The third shift array 622(3) may perform a third shift operation on the second shifted data D_SFT2<23:0> at a late time point, among a time point at which the third bit SFT2<2> of the second shift data SFT2<9:0> is transmitted and a time point at which the second shifted data D_SFT2<23:0> are transmitted. When the third bit SFT2<2> of the second shift data SFT2<9:0> is “1”, the third shift array 622(3) may output the third shifted data D_SFT3<23:0> by shifting the second shifted data D_SFT2<23:0> by a third shift bit (i.e., 4 bits). The fourth shift array 622(4) may perform a third shift operation on the third shifted data D_SFT3<23:0> at a late time point, among a time point at which the fourth bit SFT2<3> of the second shift data SFT2<9:0> is transmitted and a time point at which the third shifted data D_SFT3<23:0> are transmitted. When the fourth bit SFT2<3> of the second shift data SFT2<9:0> is “1”, the fourth shift array 622(4) may output the fourth shifted data D_SFT4<23:0> by shifting the third shifted data D_SFT3<23:0> by a fourth shift bit (i.e., 8 bits). The fifth shift array 622(5) may perform a fifth shift operation on the fourth shifted data D_SFT4<23:0> at a late time point, among a time point at which the fifth bit SFT2<4> of the second shift data SFT2<9:0> is transmitted and a time point at which the fourth shifted data D_SFT4<23:0> are transmitted. When the fifth bit SFT2<4> of the second shift data SFT2<9:0> is “1”, the fifth shift array 622(5) may output the fifth shifted data D_SFT5<23:0> by shifting the fourth shifted data D_SFT4<23:0> by a fifth shift bit (i.e., 16 bits).

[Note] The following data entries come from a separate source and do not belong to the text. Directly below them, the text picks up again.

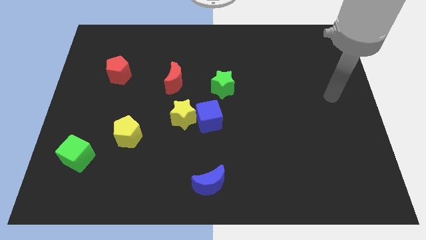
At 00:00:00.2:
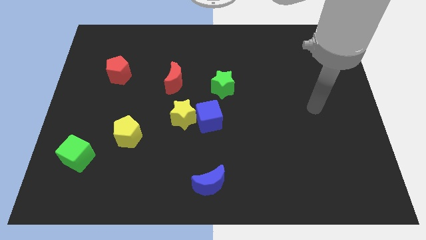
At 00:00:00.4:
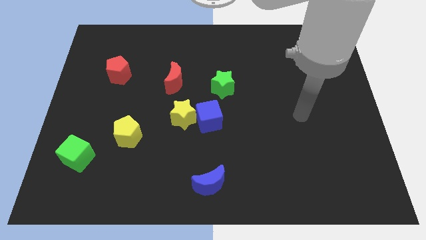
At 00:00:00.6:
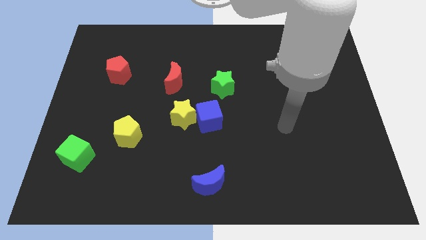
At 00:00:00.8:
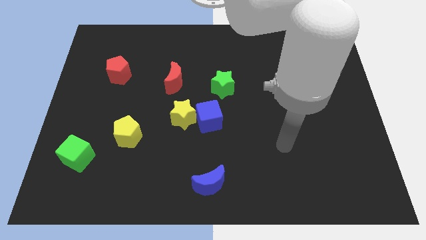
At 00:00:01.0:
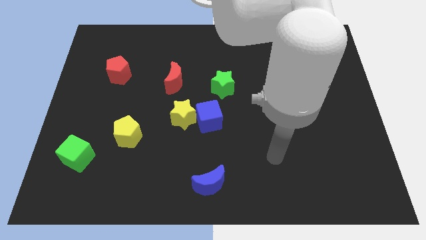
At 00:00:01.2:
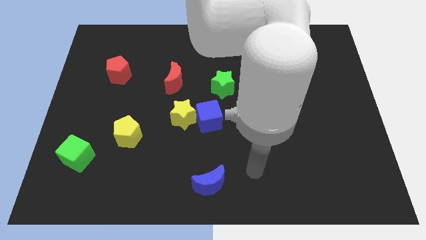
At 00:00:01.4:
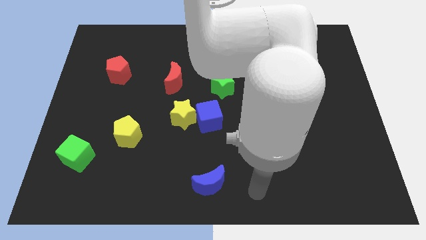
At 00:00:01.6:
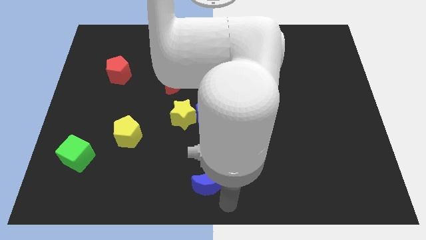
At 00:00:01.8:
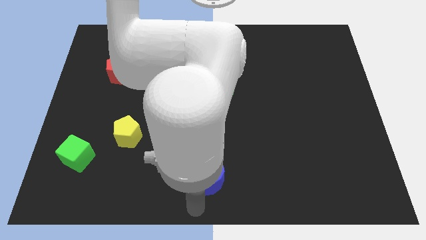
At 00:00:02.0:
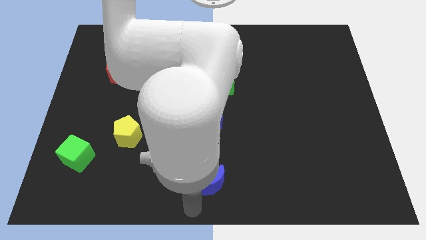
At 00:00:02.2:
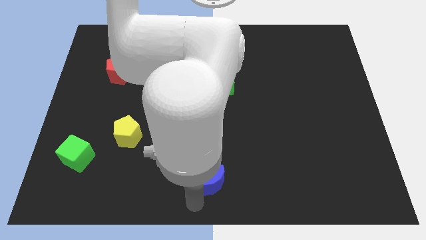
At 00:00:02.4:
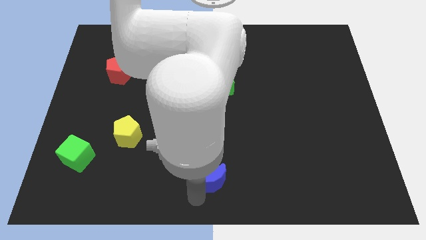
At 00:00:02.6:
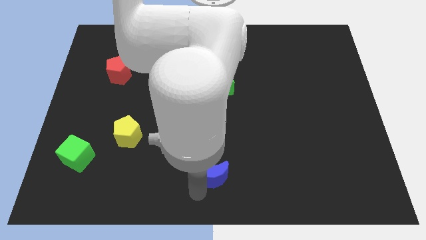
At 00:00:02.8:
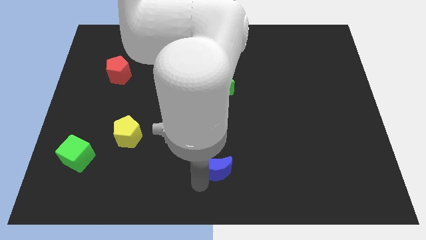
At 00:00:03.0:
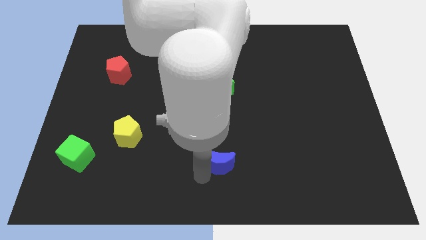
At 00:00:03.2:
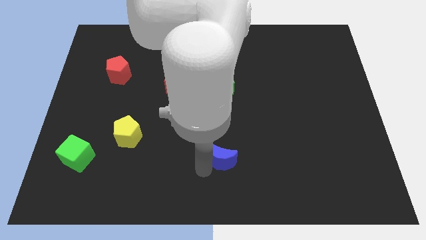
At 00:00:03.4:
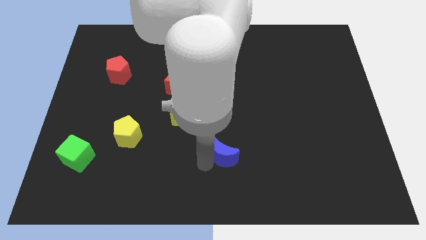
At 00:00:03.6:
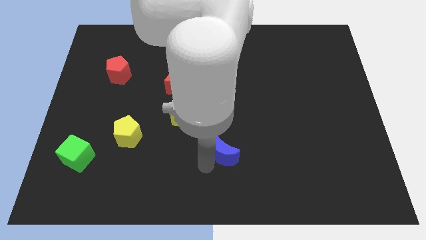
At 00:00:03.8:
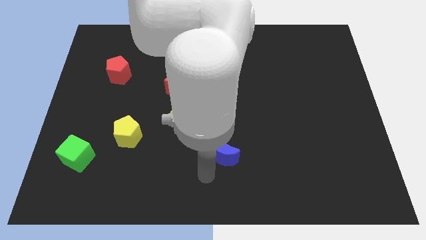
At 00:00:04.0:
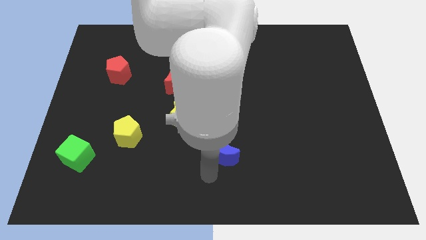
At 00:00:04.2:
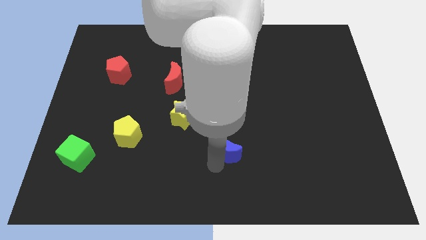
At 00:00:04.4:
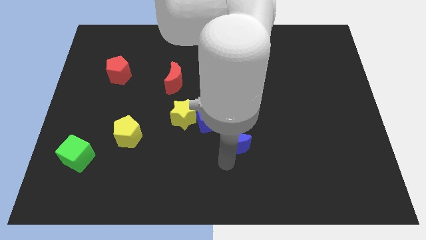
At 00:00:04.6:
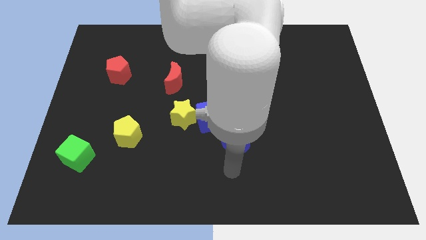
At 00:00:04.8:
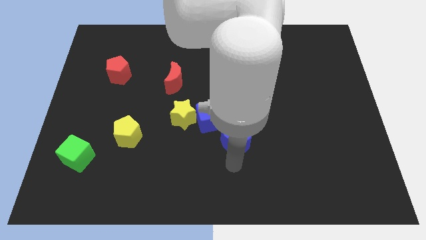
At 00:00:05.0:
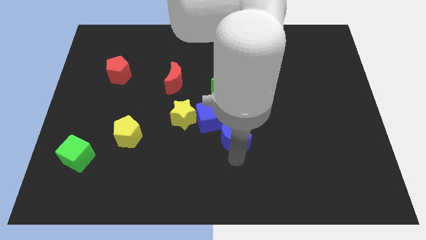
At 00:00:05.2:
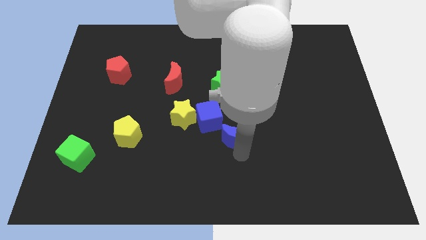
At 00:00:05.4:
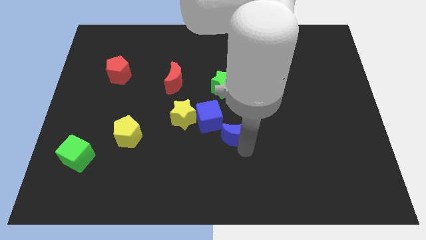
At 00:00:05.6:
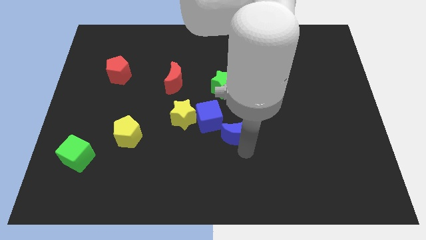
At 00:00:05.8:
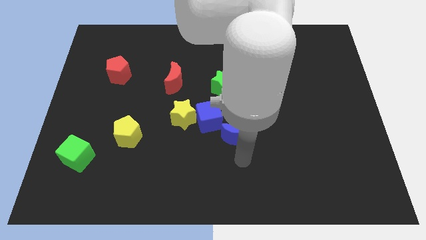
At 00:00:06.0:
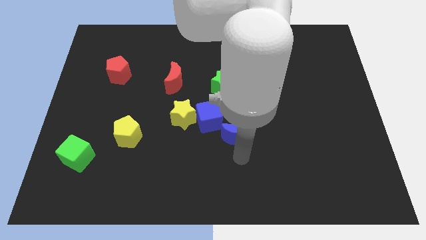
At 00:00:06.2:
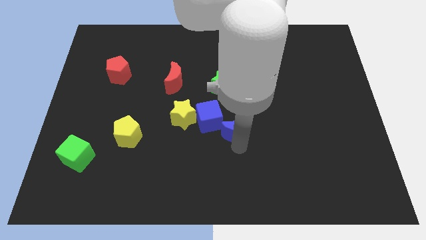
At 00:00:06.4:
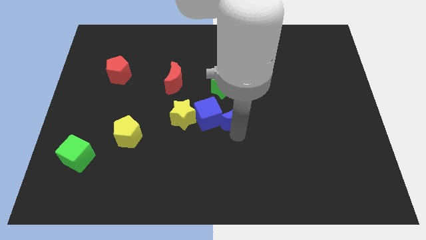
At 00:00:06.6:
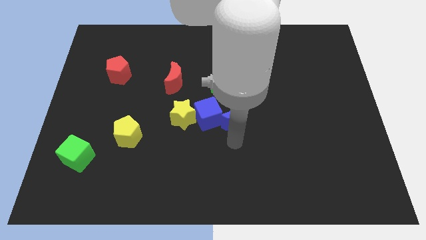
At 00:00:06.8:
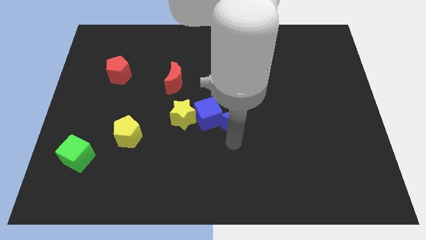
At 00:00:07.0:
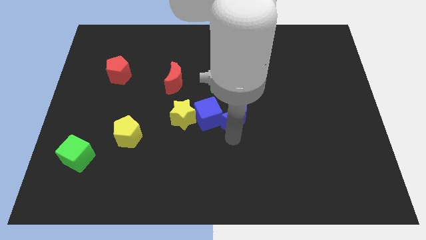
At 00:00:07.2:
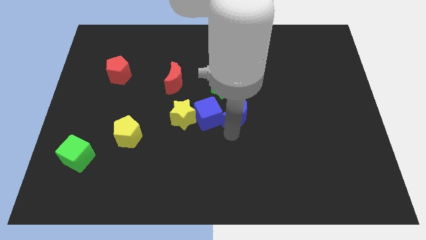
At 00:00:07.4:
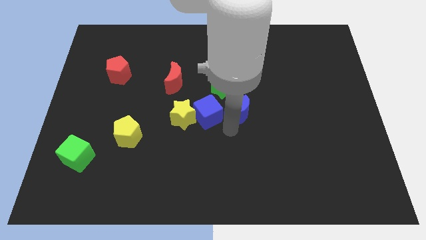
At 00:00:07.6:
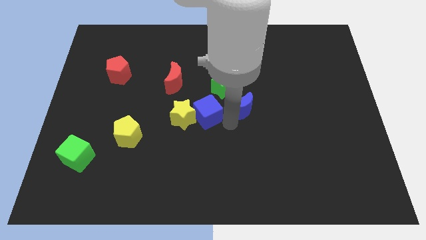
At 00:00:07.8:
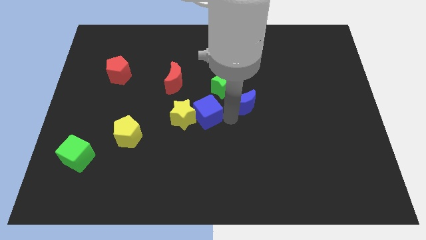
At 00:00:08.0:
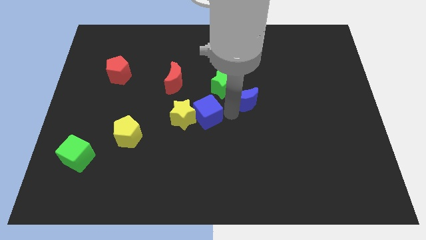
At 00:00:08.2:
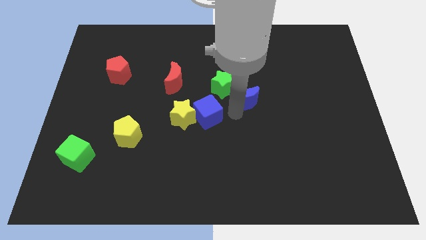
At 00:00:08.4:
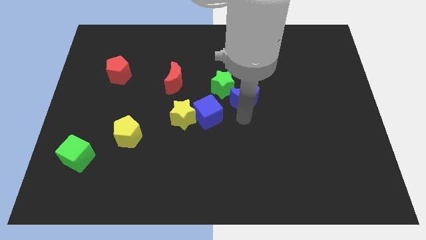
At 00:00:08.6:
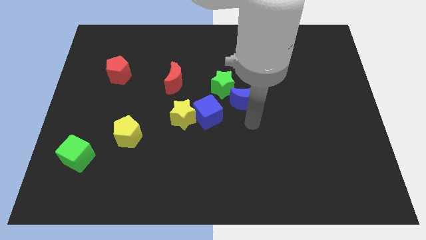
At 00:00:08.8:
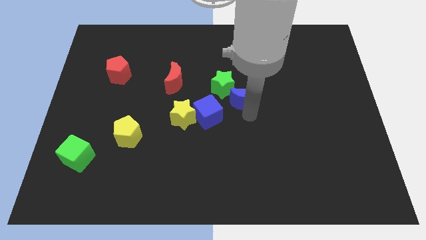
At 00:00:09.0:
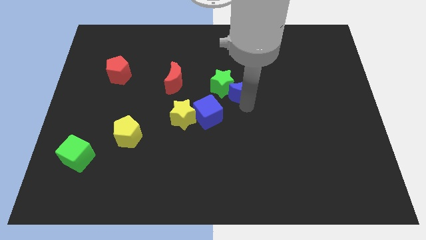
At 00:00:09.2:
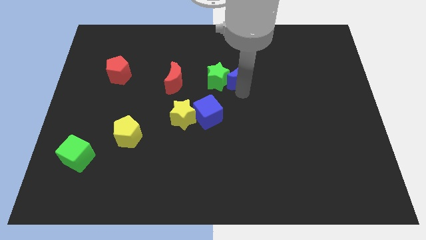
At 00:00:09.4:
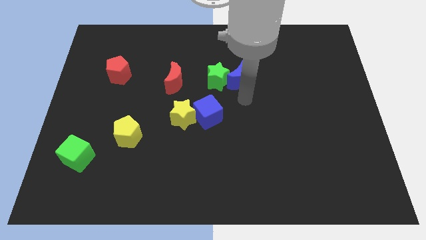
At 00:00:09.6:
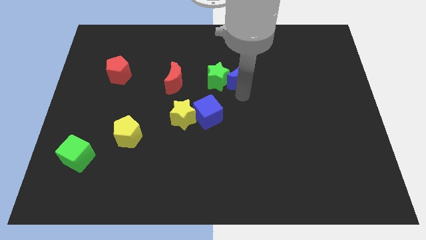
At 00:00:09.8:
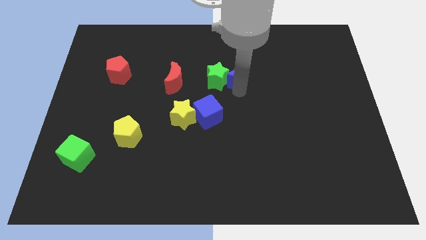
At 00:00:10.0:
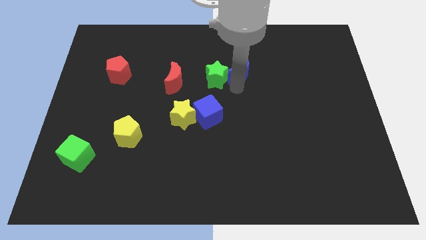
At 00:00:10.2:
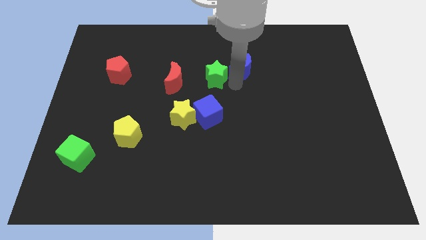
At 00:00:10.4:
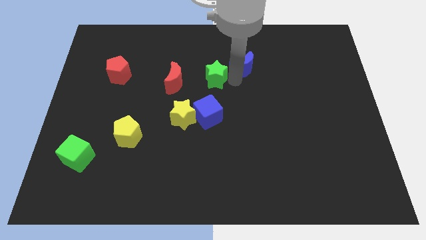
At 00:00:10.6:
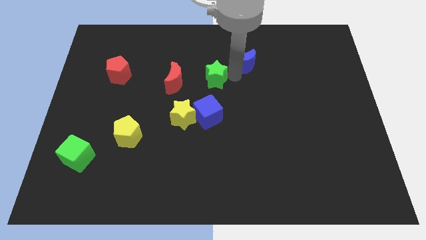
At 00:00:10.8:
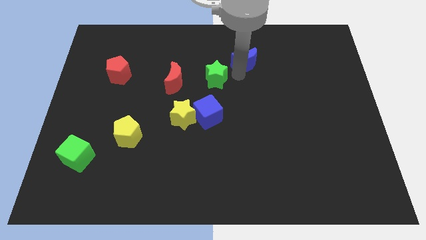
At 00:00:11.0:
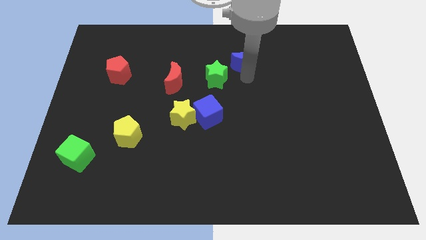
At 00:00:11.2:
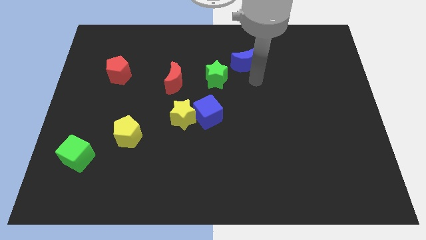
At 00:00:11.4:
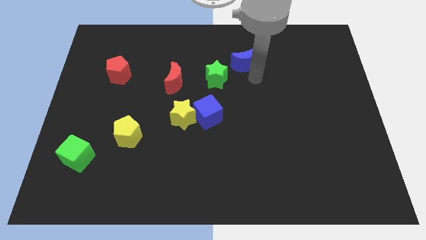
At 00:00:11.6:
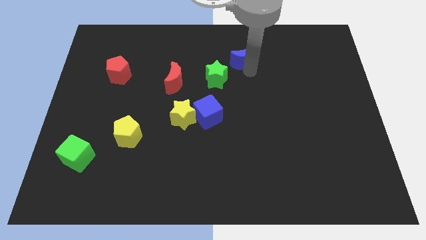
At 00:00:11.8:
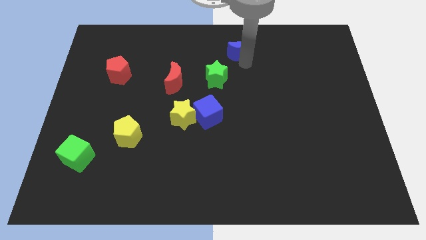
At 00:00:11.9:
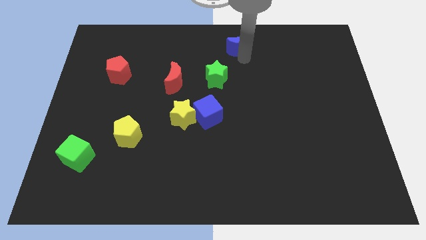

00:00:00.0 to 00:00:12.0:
slide the blue moon to the top side

The output selection circuit 662(6) may receive the fifth shifted data D_SFT5<23:0> from the fifth shift array 662(5), and may receive the sixth bit SFT2<5> to tenth bit SFT2<9> of the second shift data SFT2<9:0> from the exponent processing circuit (610 in FIG. 21). When all of the sixth bit SFT2<5> to eighth bit SFT2<7> of the second shift data SFT2<9:0> are “0”, the output selection circuit 662(6) may output, as the shifted mantissa data MA_LAT_SFT<23:0> of the latch data, the fifth shifted data D_SFT5<23:0> that have been received from the fifth shift array 662(5). In contrast, when at least any one of the sixth bit SFT2<5> to tenth bit SFT2<9> of the second shift data SFT2<9:0> is “1”, the output selection circuit 662(6) may output data all the bit values of which are “0”, that is, “0000 0000 0000 0000 0000 0000”, as the shifted mantissa data MA_LAT_SFT<23:0> of the latch data.

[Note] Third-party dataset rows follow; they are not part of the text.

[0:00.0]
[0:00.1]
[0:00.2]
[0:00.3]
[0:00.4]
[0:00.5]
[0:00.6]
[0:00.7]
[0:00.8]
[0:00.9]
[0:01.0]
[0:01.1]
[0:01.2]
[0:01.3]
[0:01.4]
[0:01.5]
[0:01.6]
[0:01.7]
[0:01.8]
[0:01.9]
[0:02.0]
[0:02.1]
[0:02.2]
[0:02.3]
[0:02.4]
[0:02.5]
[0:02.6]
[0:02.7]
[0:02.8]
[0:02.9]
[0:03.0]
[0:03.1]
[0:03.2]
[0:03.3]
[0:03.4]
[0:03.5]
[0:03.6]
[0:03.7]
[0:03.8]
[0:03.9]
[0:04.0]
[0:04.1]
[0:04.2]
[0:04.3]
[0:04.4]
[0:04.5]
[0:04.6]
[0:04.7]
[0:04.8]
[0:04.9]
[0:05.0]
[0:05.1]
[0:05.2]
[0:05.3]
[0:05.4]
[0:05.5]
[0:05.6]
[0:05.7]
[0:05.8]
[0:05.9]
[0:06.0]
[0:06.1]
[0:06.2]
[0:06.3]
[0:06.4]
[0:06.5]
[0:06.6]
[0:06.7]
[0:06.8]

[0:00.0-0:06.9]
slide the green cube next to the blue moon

FIGS. 25 to 29 are circuit diagrams illustrating the first shift array 622(1) to fifth shift array 622(5), respectively, which are included in the second shift array circuit 622 in FIG. 24. As described with reference to FIG. 24, the number of bits of the mantissa data MA_LAT<23:0> of the latch data, that is, target data of the second shift array circuit 622, and the number of bits of the shifted mantissa data MA_LAT_SFT<23:0> of the latch data, that is, output data, are the same, that is, 24 bits. Accordingly, the number of bits of the input data and the number of bits of the output data in the first shift array 622(1) to fifth shift array 622(5) that are included in the second shift array circuit 622 are the same, that is, 24 bits. Accordingly, the “K”-th shift array construction that has been described with reference to FIG. 9 may be identically applied to the first shift array 622(1) to fifth shift array 622(5).

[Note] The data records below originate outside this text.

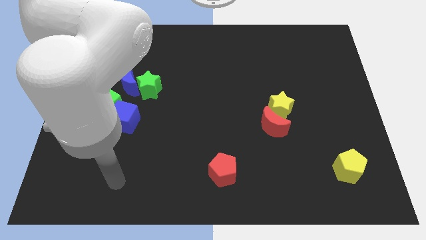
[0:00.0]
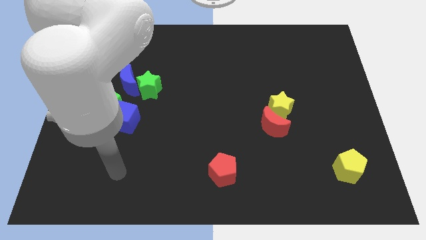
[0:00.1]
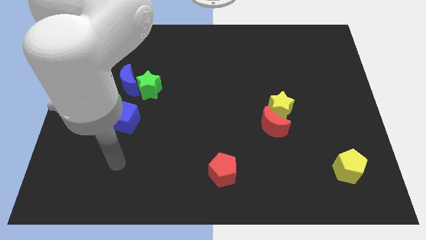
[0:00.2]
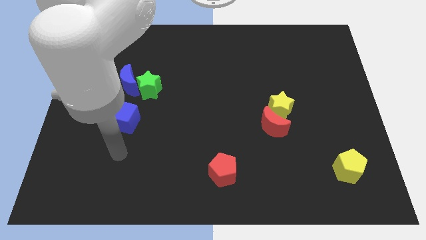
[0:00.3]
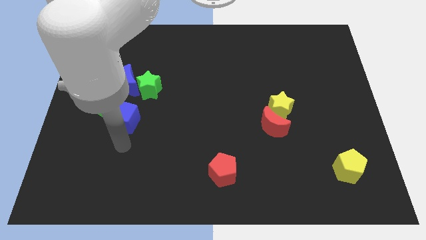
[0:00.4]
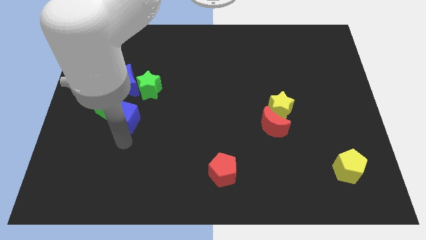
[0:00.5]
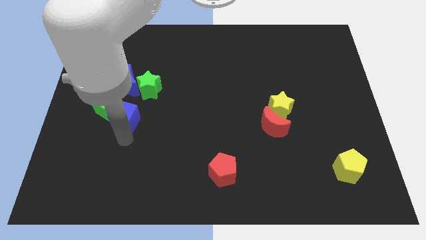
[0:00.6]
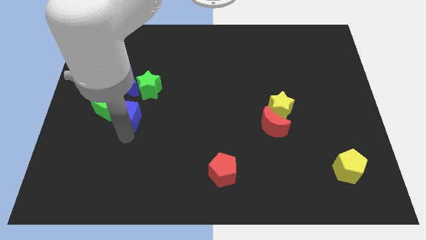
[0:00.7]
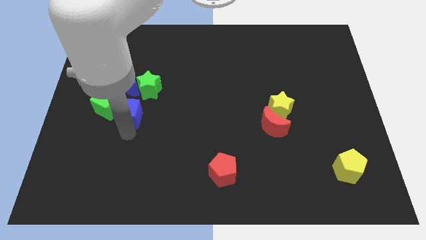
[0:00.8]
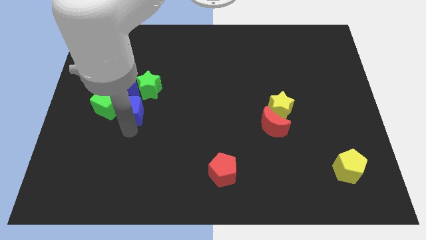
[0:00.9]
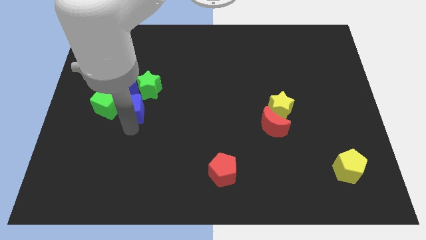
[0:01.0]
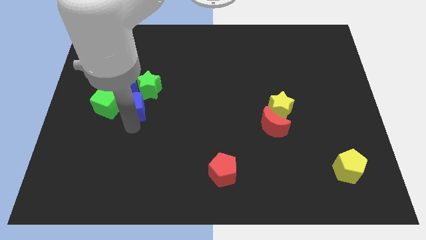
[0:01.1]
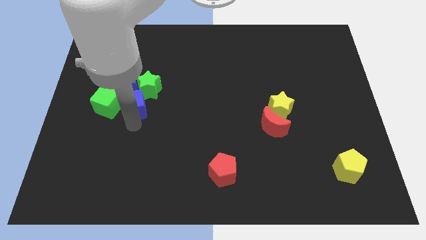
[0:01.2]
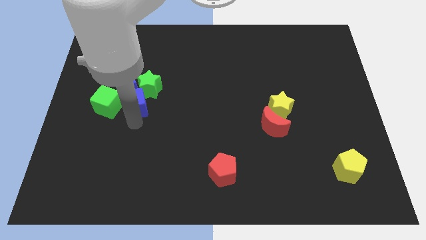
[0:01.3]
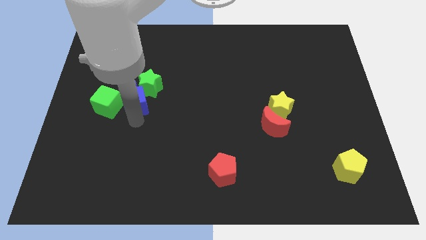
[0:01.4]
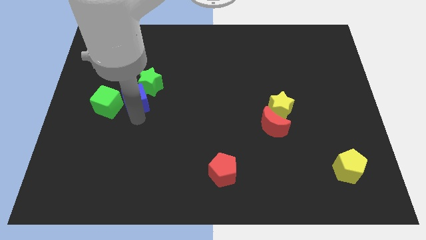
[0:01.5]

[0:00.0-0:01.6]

First, as illustrated in FIG. 25, the first shift array 622(1) may include 2:1 multiplexers MA1 to MA24 (hereinafter a first group of the first to twenty-fourth multiplexers) having the same number as the number of bits of the first shifted data D_SFT1<23:0>, that is, the output data. The first to twenty-fourth multiplexers MA1 to MA24 of the first group may receive the mantissa data MA_LAT<23:0> of the latch data through first input terminals of the first to twenty-fourth multiplexers MA1 to MA24 for each bit. The first to twenty-third multiplexers MA1 to MA23 of the first group may receive the second to twenty-fourth bits MA_LAT<23:1> of the mantissa data MA_LAT<23:0> of the latch data through second input terminals of the first to twenty-third multiplexers MA1 to MA23. The twenty-fourth multiplexer MA24 of the first group may receive the sign data SIGN<0> through a second input terminal of the twenty-fourth multiplexer MA24.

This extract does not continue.